What to do: Your response to the data below should hold nothing except the lines from the one containing "i o tym, na" down to the one containing "um eben den", reproduced exactly and without pictures.

Source data:

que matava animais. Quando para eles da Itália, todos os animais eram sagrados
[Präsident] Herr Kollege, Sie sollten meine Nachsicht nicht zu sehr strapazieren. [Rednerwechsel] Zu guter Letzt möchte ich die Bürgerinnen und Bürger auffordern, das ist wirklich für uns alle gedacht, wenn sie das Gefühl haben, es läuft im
--
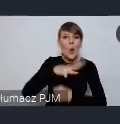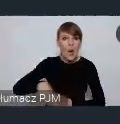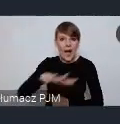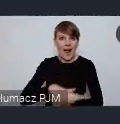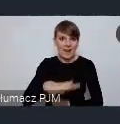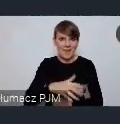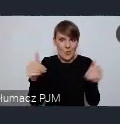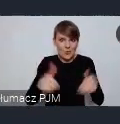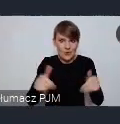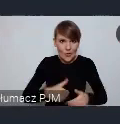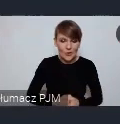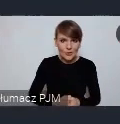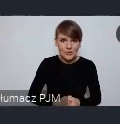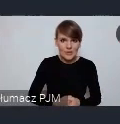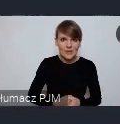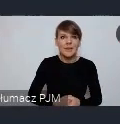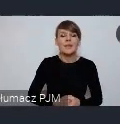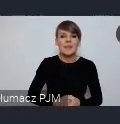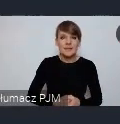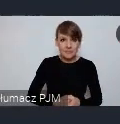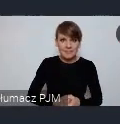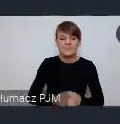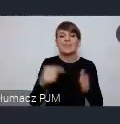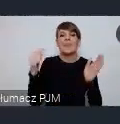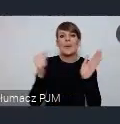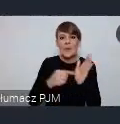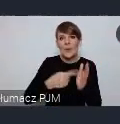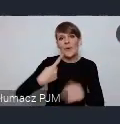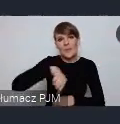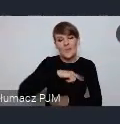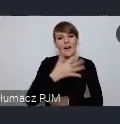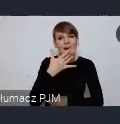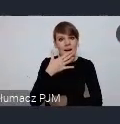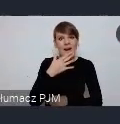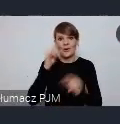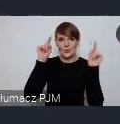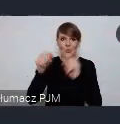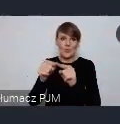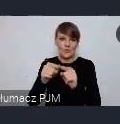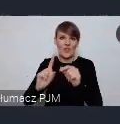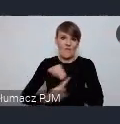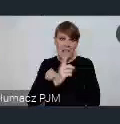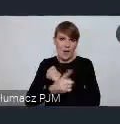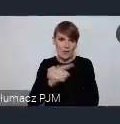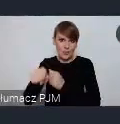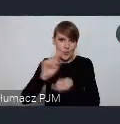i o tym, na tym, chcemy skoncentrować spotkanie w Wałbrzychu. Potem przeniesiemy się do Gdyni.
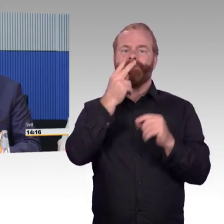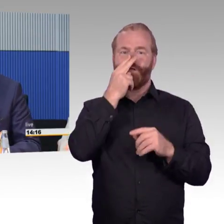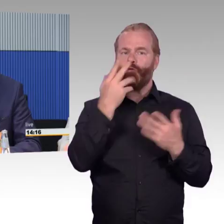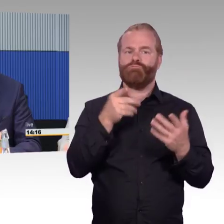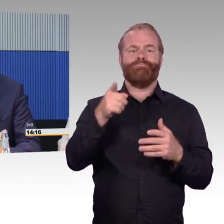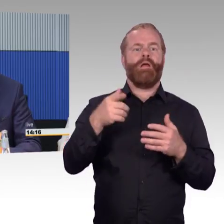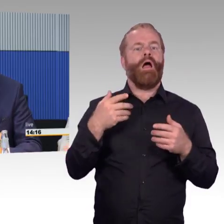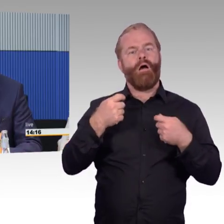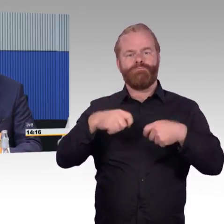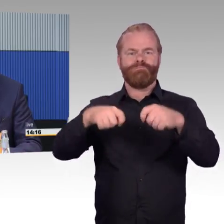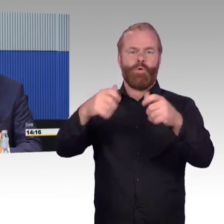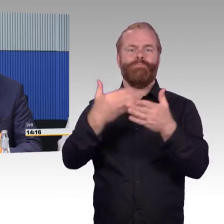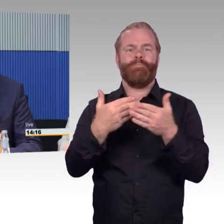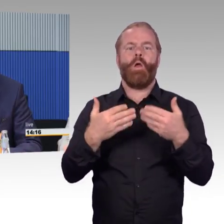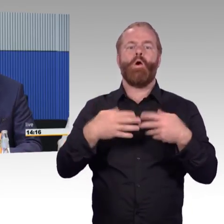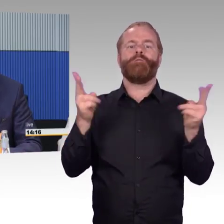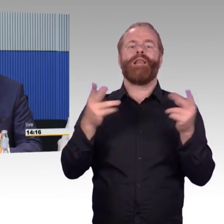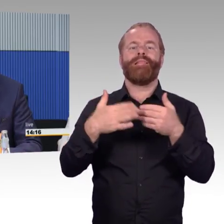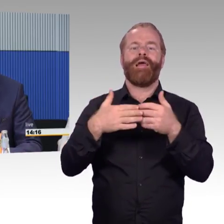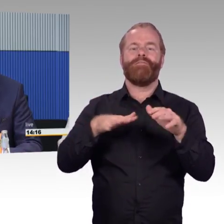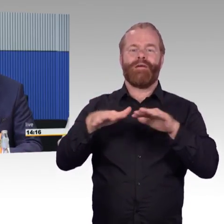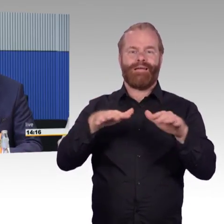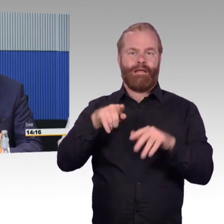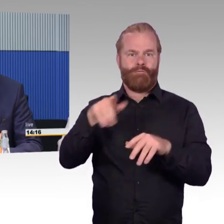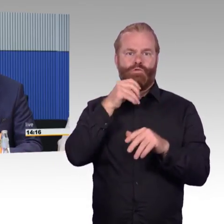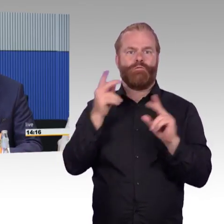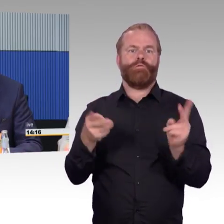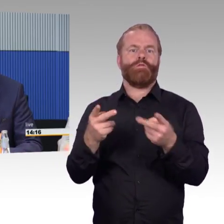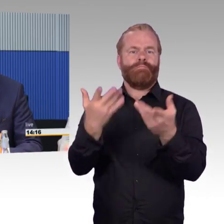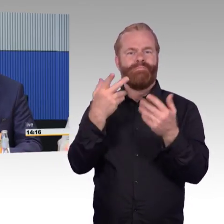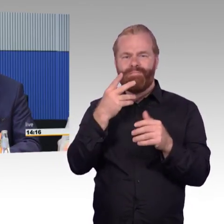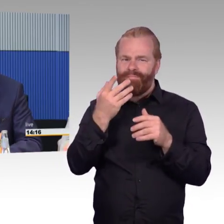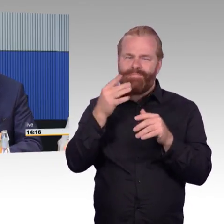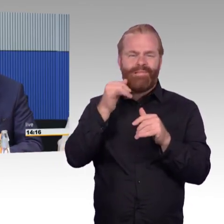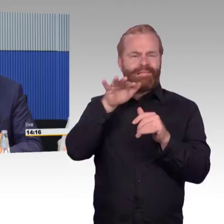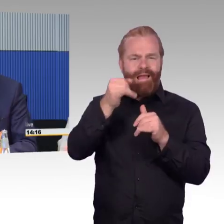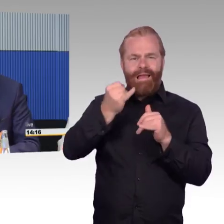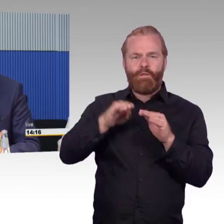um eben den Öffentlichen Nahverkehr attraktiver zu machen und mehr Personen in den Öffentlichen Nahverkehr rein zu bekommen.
* * *
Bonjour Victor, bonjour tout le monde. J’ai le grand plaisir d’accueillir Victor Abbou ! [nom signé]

Answer to this exercise:
i o tym, na tym, chcemy skoncentrować spotkanie w Wałbrzychu. Potem przeniesiemy się do Gdyni.
um eben den Öffentlichen Nahverkehr attraktiver zu machen und mehr Personen in den Öffentlichen Nahverkehr rein zu bekommen.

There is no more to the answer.